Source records
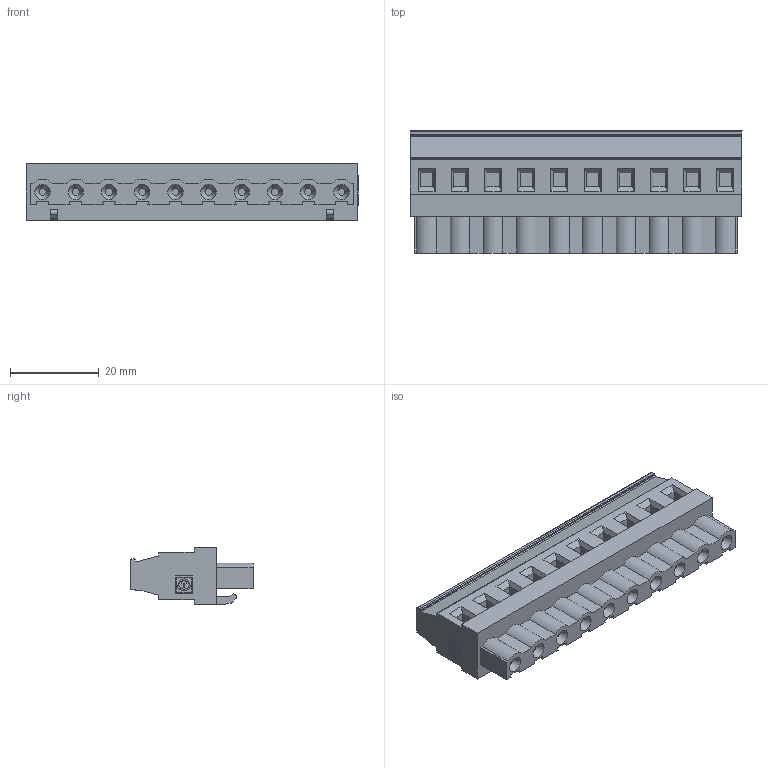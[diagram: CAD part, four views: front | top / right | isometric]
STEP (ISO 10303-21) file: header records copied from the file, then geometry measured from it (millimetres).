
FILE_DESCRIPTION(('STEP AP214'),'1');
FILE_NAME('SV10-7,5-P.stp','2021-01-27T10:36:01',(' '),(' '),'Spatial InterOp 3D',' ',' ');
FILE_SCHEMA(('AUTOMOTIVE_DESIGN { 1 0 10303 214 1 1 1 1 }'));
Length unit declared in the file: metre
Products named in the file (1): 1611746228
Bounding box: 75 x 27.6 x 12.7 mm (x, y, z)
Volume: 16583.5 mm3; surface area: 8239.3 mm2
Topology: 1 solids, 1 shells, 346 faces, 857 edges, 568 vertices
Faces by surface type: plane 255, cylinder 80, cone 10, extrusion 1
Full cylindrical faces by diameter (mm): 1.6 x10, 3.97 x10
Entity records: 12657 total; most frequent: CARTESIAN_POINT 1720, DIRECTION 1668, ORIENTED_EDGE 1614, EDGE_CURVE 807, VECTOR 636, LINE 635, VERTEX_POINT 548, AXIS2_PLACEMENT_3D 516

• Action item
Every record above should be transcribed exactly; the pictures stay out of the copy.

• Exercise result
[diagram: CAD part, four views: front | top / right | isometric]
STEP (ISO 10303-21) file: header records copied from the file, then geometry measured from it (millimetres).
FILE_DESCRIPTION(('STEP AP214'),'1');
FILE_NAME('SV10-7,5-P.stp','2021-01-27T10:36:01',(' '),(' '),'Spatial InterOp 3D',' ',' ');
FILE_SCHEMA(('AUTOMOTIVE_DESIGN { 1 0 10303 214 1 1 1 1 }'));
Length unit declared in the file: metre
Products named in the file (1): 1611746228
Bounding box: 75 x 27.6 x 12.7 mm (x, y, z)
Volume: 16583.5 mm3; surface area: 8239.3 mm2
Topology: 1 solids, 1 shells, 346 faces, 857 edges, 568 vertices
Faces by surface type: plane 255, cylinder 80, cone 10, extrusion 1
Full cylindrical faces by diameter (mm): 1.6 x10, 3.97 x10
Entity records: 12657 total; most frequent: CARTESIAN_POINT 1720, DIRECTION 1668, ORIENTED_EDGE 1614, EDGE_CURVE 807, VECTOR 636, LINE 635, VERTEX_POINT 548, AXIS2_PLACEMENT_3D 516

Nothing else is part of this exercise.